▶ EXERCISE GOAL: If a line in the data contains "outdoors", copy it out.

▶ MATERIALS PROVIDED:
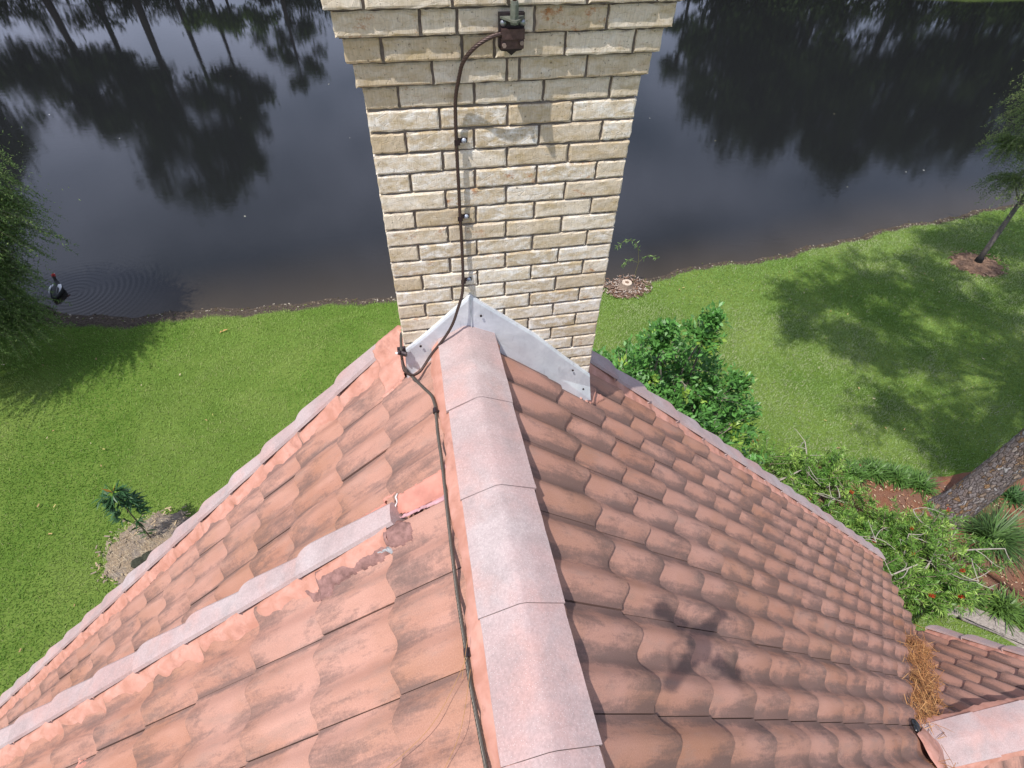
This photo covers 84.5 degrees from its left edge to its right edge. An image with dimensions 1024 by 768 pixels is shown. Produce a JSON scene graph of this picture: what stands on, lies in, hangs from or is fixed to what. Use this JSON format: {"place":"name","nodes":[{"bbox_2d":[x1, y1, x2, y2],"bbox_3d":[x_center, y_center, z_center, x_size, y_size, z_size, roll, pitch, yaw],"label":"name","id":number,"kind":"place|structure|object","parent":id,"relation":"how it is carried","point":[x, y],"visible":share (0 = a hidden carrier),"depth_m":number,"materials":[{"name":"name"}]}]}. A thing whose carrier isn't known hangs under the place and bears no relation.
{"place":"outdoors","nodes":[
{"label":"outdoors","id":0,"kind":"place"},
{"bbox_2d":[0,0,1023,317],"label":"water","id":1,"kind":"structure","parent":0,"point":[160,144],"depth_m":18.42,"materials":[{"name":"grey liquid"}]},
{"bbox_2d":[48,273,63,298],"bbox_3d":[-10.152,-2.143,12.508,0.272,0.364,0.729,-7,48,-8],"label":"duck","id":2,"kind":"object","parent":1,"relation":"on","point":[58,289],"visible":0.92,"depth_m":12.48},
{"bbox_2d":[0,204,1023,695],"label":"ground","id":3,"kind":"structure","parent":0,"point":[382,324],"depth_m":10.95,"materials":[{"name":"plant"}]},
{"bbox_2d":[0,119,80,367],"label":"weeping tree","id":4,"kind":"object","parent":3,"relation":"on","point":[20,314],"visible":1,"depth_m":9.90,"materials":[{"name":"green plant"}]},
{"bbox_2d":[102,511,189,584],"bbox_3d":[-5.395,2.427,8.442,1.297,0.077,1.280,-7,48,-8],"label":"mulch bed","id":5,"kind":"object","parent":3,"relation":"on","point":[179,516],"visible":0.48,"depth_m":8.45,"materials":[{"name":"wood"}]},
{"bbox_2d":[91,480,154,538],"bbox_3d":[-5.406,1.839,8.024,0.597,1.437,0.575,30,53,23],"label":"sapling","id":6,"kind":"object","parent":5,"relation":"on","point":[119,494],"visible":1,"depth_m":7.73,"materials":[{"name":"green plant"}]},
{"bbox_2d":[130,550,152,567],"bbox_3d":[-5.312,2.567,8.275,0.530,0.160,0.256,-7,48,-8],"label":"rock","id":7,"kind":"object","parent":5,"relation":"on","point":[136,562],"visible":0.31,"depth_m":8.19,"materials":[{"name":"grey stone"}]},
{"bbox_2d":[0,0,1023,767],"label":"house","id":8,"kind":"structure","parent":3,"relation":"on","point":[646,578],"depth_m":2.07,"materials":[{"name":"tile"}]},
{"bbox_2d":[387,638,470,767],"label":"pine needles","id":9,"kind":"object","parent":8,"relation":"on","point":[443,706],"visible":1,"depth_m":1.45,"materials":[{"name":"brown plant"}]},
{"bbox_2d":[395,331,488,767],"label":"conductor cable","id":10,"kind":"object","parent":8,"relation":"attached to","point":[401,351],"visible":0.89,"depth_m":1.68,"materials":[{"name":"brown plastic"}]},
{"bbox_2d":[401,32,501,375],"bbox_3d":[-0.244,-0.504,1.919,0.405,1.221,0.088,-11,49,-12],"label":"conductor cable","id":11,"kind":"object","parent":8,"relation":"attached to","point":[457,140],"visible":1,"depth_m":1.83,"materials":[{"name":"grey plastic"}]},
{"bbox_2d":[498,0,524,54],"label":"lightning rod","id":12,"kind":"object","parent":8,"relation":"attached to","point":[511,25],"visible":1,"depth_m":1.49,"materials":[{"name":"brown metal"}]},
{"bbox_2d":[899,625,954,738],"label":"pine needles","id":13,"kind":"object","parent":8,"relation":"on","point":[925,703],"visible":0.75,"depth_m":4.11,"materials":[{"name":"brown plant"}]},
{"bbox_2d":[925,746,955,767],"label":"pine needles","id":14,"kind":"object","parent":8,"relation":"on","point":[944,761],"visible":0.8,"depth_m":3.25,"materials":[{"name":"brown plant"}]},
{"bbox_2d":[1,266,1023,651],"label":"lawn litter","id":15,"kind":"object","parent":3,"relation":"on","point":[179,374],"visible":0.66,"depth_m":10.30,"materials":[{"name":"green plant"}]},
{"bbox_2d":[50,205,1022,321],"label":"shoreline","id":16,"kind":"structure","parent":3,"relation":"on","point":[605,287],"depth_m":13.40,"materials":[{"name":"brown soil"}]},
{"bbox_2d":[91,250,1008,583],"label":"mulch chips","id":17,"kind":"object","parent":3,"relation":"on","point":[635,286],"visible":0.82,"depth_m":12.89,"materials":[{"name":"brown wood"}]},
{"bbox_2d":[608,278,645,298],"bbox_3d":[2.662,-2.228,13.025,0.967,0.041,0.760,-7,48,-8],"label":"mulch bed","id":18,"kind":"object","parent":3,"relation":"on","point":[620,295],"visible":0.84,"depth_m":12.93,"materials":[{"name":"brown wood"}]},
{"bbox_2d":[616,279,634,291],"bbox_3d":[2.675,-2.290,12.985,0.598,0.169,0.434,-7,48,-8],"label":"tree stump","id":19,"kind":"object","parent":18,"relation":"on","point":[626,284],"visible":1,"depth_m":12.90,"materials":[{"name":"beige wood"}]},
{"bbox_2d":[615,238,657,282],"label":"seedling","id":20,"kind":"object","parent":18,"relation":"on","point":[630,257],"visible":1,"depth_m":12.55,"materials":[{"name":"green plant"}]},
{"bbox_2d":[593,300,767,471],"bbox_3d":[1.956,0.594,7.568,3.019,4.204,2.478,5,47,2],"label":"broadleaf shrub","id":21,"kind":"object","parent":3,"relation":"on","point":[702,405],"visible":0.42,"depth_m":6.67,"materials":[{"name":"green plant"}]},
{"bbox_2d":[731,428,823,498],"bbox_3d":[4.057,1.424,9.126,1.671,1.065,1.827,-7,48,-8],"label":"bottlebrush shrub","id":22,"kind":"object","parent":3,"relation":"on","point":[771,459],"visible":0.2,"depth_m":9.04,"materials":[{"name":"green plant"}]},
{"bbox_2d":[801,462,1023,606],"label":"mulch bed","id":23,"kind":"object","parent":3,"relation":"on","point":[990,579],"visible":0.2,"depth_m":9.19,"materials":[{"name":"brown wood"}]},
{"bbox_2d":[768,430,870,518],"bbox_3d":[4.891,1.507,8.913,1.540,1.165,1.642,-7,48,-8],"label":"bottlebrush shrub","id":24,"kind":"object","parent":23,"relation":"on","point":[829,472],"visible":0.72,"depth_m":8.90,"materials":[{"name":"green plant"}]},
{"bbox_2d":[808,492,891,572],"bbox_3d":[4.586,2.321,8.243,1.804,1.107,1.561,-7,48,-8],"label":"bottlebrush shrub","id":25,"kind":"object","parent":23,"relation":"on","point":[827,507],"visible":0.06,"depth_m":8.50,"materials":[{"name":"green plant"}]},
{"bbox_2d":[836,456,875,490],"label":"liriope clump","id":26,"kind":"object","parent":23,"relation":"on","point":[855,471],"visible":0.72,"depth_m":9.54,"materials":[{"name":"green plant"}]},
{"bbox_2d":[855,453,893,487],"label":"liriope clump","id":27,"kind":"object","parent":23,"relation":"on","point":[880,471],"visible":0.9,"depth_m":9.57,"materials":[{"name":"green plant"}]},
{"bbox_2d":[821,480,941,586],"bbox_3d":[5.412,2.126,8.253,1.434,1.213,1.602,-34,57,-29],"label":"bottlebrush shrub","id":28,"kind":"object","parent":23,"relation":"on","point":[893,532],"visible":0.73,"depth_m":8.28,"materials":[{"name":"green plant"}]},
{"bbox_2d":[878,457,923,490],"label":"liriope clump","id":29,"kind":"object","parent":23,"relation":"on","point":[902,476],"visible":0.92,"depth_m":9.49,"materials":[{"name":"green plant"}]},
{"bbox_2d":[872,539,939,604],"bbox_3d":[4.807,2.766,7.751,1.681,1.053,1.776,-7,48,-8],"label":"bottlebrush shrub","id":30,"kind":"object","parent":23,"relation":"on","point":[903,585],"visible":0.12,"depth_m":7.59,"materials":[{"name":"green plant"}]},
{"bbox_2d":[819,478,1023,608],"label":"wood chips","id":31,"kind":"object","parent":23,"relation":"on","point":[948,531],"visible":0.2,"depth_m":9.16,"materials":[{"name":"brown wood"}]},
{"bbox_2d":[899,466,946,498],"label":"liriope clump","id":32,"kind":"object","parent":23,"relation":"on","point":[925,482],"visible":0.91,"depth_m":9.42,"materials":[{"name":"green plant"}]},
{"bbox_2d":[878,529,983,625],"bbox_3d":[5.687,2.723,7.913,1.959,1.299,1.337,-7,48,-8],"label":"bottlebrush shrub","id":33,"kind":"object","parent":23,"relation":"on","point":[934,609],"visible":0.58,"depth_m":7.67,"materials":[{"name":"green plant"}]},
{"bbox_2d":[868,497,1013,617],"bbox_3d":[6.048,2.423,8.089,1.772,1.215,1.733,-27,54,-24],"label":"bottlebrush shrub","id":34,"kind":"object","parent":23,"relation":"on","point":[945,524],"visible":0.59,"depth_m":7.97,"materials":[{"name":"green plant"}]},
{"bbox_2d":[945,572,997,616],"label":"liriope clump","id":35,"kind":"object","parent":23,"relation":"on","point":[979,593],"visible":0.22,"depth_m":8.11,"materials":[{"name":"green plant"}]},
{"bbox_2d":[927,428,1023,528],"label":"pine tree","id":36,"kind":"object","parent":23,"relation":"on","point":[988,481],"visible":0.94,"depth_m":8.33,"materials":[{"name":"brown plant"}]},
{"bbox_2d":[970,472,1013,507],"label":"liriope clump","id":37,"kind":"object","parent":23,"relation":"on","point":[999,499],"visible":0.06,"depth_m":9.25,"materials":[{"name":"green plant"}]},
{"bbox_2d":[980,581,1023,636],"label":"liriope clump","id":38,"kind":"object","parent":23,"relation":"on","point":[1007,608],"visible":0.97,"depth_m":8.02,"materials":[{"name":"green plant"}]},
{"bbox_2d":[1000,481,1023,511],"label":"liriope clump","id":39,"kind":"object","parent":23,"relation":"on","point":[1015,492],"visible":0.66,"depth_m":9.30,"materials":[{"name":"green plant"}]},
{"bbox_2d":[1012,596,1023,631],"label":"liriope clump","id":40,"kind":"object","parent":23,"relation":"on","point":[1022,619],"visible":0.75,"depth_m":7.96,"materials":[{"name":"green plant"}]},
{"bbox_2d":[950,252,1003,276],"bbox_3d":[11.565,-2.992,13.987,1.244,0.078,1.076,-7,48,-8],"label":"mulch bed","id":41,"kind":"object","parent":3,"relation":"on","point":[986,268],"visible":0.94,"depth_m":13.92,"materials":[{"name":"brown wood"}]},
{"bbox_2d":[969,60,1023,262],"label":"young tree","id":42,"kind":"object","parent":3,"relation":"on","point":[1012,143],"visible":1,"depth_m":12.22,"materials":[{"name":"green plant"}]},
{"bbox_2d":[946,606,1023,647],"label":"path","id":43,"kind":"structure","parent":0,"point":[991,625],"depth_m":7.93,"materials":[{"name":"grey concrete"}]},
{"bbox_2d":[949,496,1023,601],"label":"ornamental grass","id":44,"kind":"object","parent":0,"point":[1005,533],"depth_m":8.70,"materials":[{"name":"green plant"}]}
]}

▶ EXERCISE RESULT:
{"place":"outdoors","nodes":[
{"label":"outdoors","id":0,"kind":"place"},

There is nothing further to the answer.